Yesterday there was a question tabled that lead to further questions. There is a saying when people use when talking about controversial things: "there will be questions in the House" - and I use this to illustrate that questioning of government this was is a very powerful part of trying to win arguments.
I have cut and pasted the whole session below (it is not too long) as I thought people would find it interesting.
I was particularly pleased at the question from Bishop Nigel McCulloch of Manchester - who is very much interested in this issue and very well informed.
Bishop Nigel obviously isn't a politician but, before speaking out in this way as a church leader, he needs to be clear of the issue and adopt a position that is impartial and in the community's interest - hence my pleasure at his support.
As I keep saying, whether all this lobbying fundamentally changes anything remains to be seen.
Moreover, it also remains important to be clear that, even if it does, all we will achieve is a fairer distribution of cut - instead of some either getting increases or stand still budgets.
And there are some signs of movement - for example London are currently talking about shutting 30 fire stations and losing 800 firefighters for example. But there remains little doubt we will nevertheless also see significant cuts.
Also in support of this, the Chairman of the Fire Authority was interviewed this morning on BBC Radio Manchester's Alan Beswick show (listen here) - when we get the link for people to be able to listen themselves we will share that. Finally, this afternoon I am meeting another one of our local MPs to continue our efforts.
Fire Services: Funding
Lord Alton of LiverpoolTo ask Her Majesty's Government what assessment they have made of the risks arising from proposals to reduce funding for fire services outside London.

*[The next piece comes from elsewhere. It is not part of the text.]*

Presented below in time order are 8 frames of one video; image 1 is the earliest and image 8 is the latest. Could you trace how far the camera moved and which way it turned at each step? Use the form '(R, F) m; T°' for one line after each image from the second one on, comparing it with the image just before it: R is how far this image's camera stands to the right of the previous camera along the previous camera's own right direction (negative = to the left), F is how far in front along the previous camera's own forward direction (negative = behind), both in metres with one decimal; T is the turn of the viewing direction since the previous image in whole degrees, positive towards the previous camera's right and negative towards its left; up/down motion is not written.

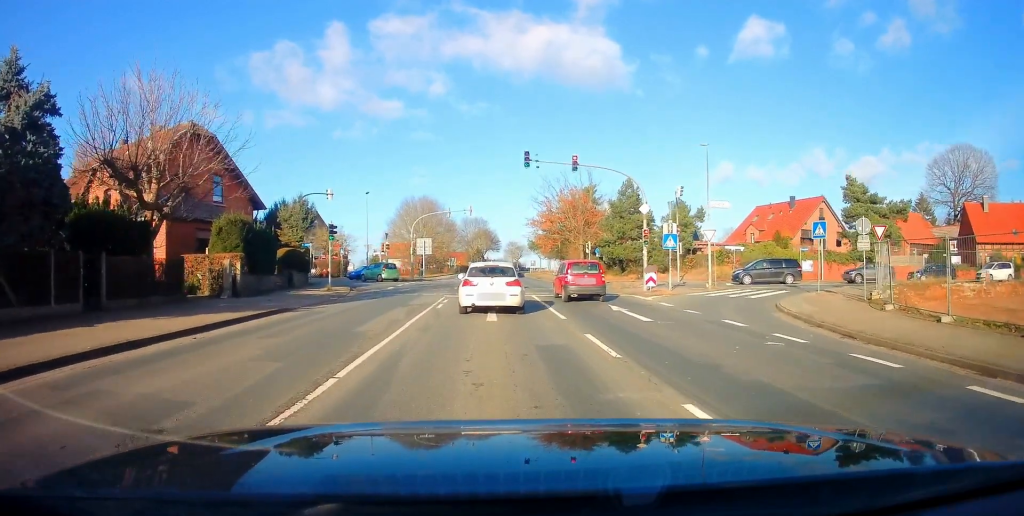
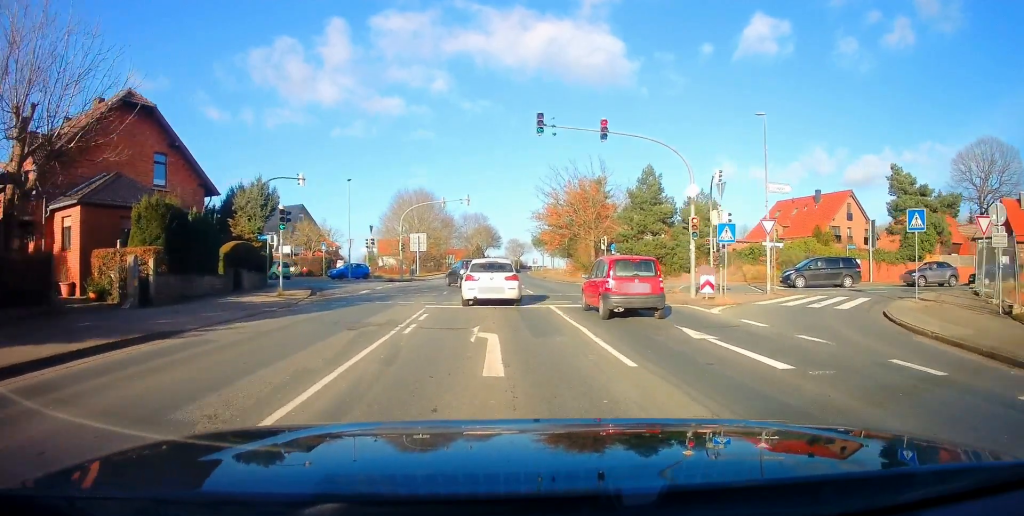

The Parliamentary Under-Secretary of State, Department for Communities and Local Government (Baroness Hanham):My Lords, single-purpose fire and rescue authorities outside London have had a change in their revenue spending power of minus 2.2% in 2011-12 and minus 0.5% in 2012-13. Many fire and rescue authorities are making sensible savings without impacting on the quality or breadth of the services offered to their communities. It is for each fire and rescue authority to determine the operational activities of its service through its integrated risk management plan, which is subject to consultation with the local community.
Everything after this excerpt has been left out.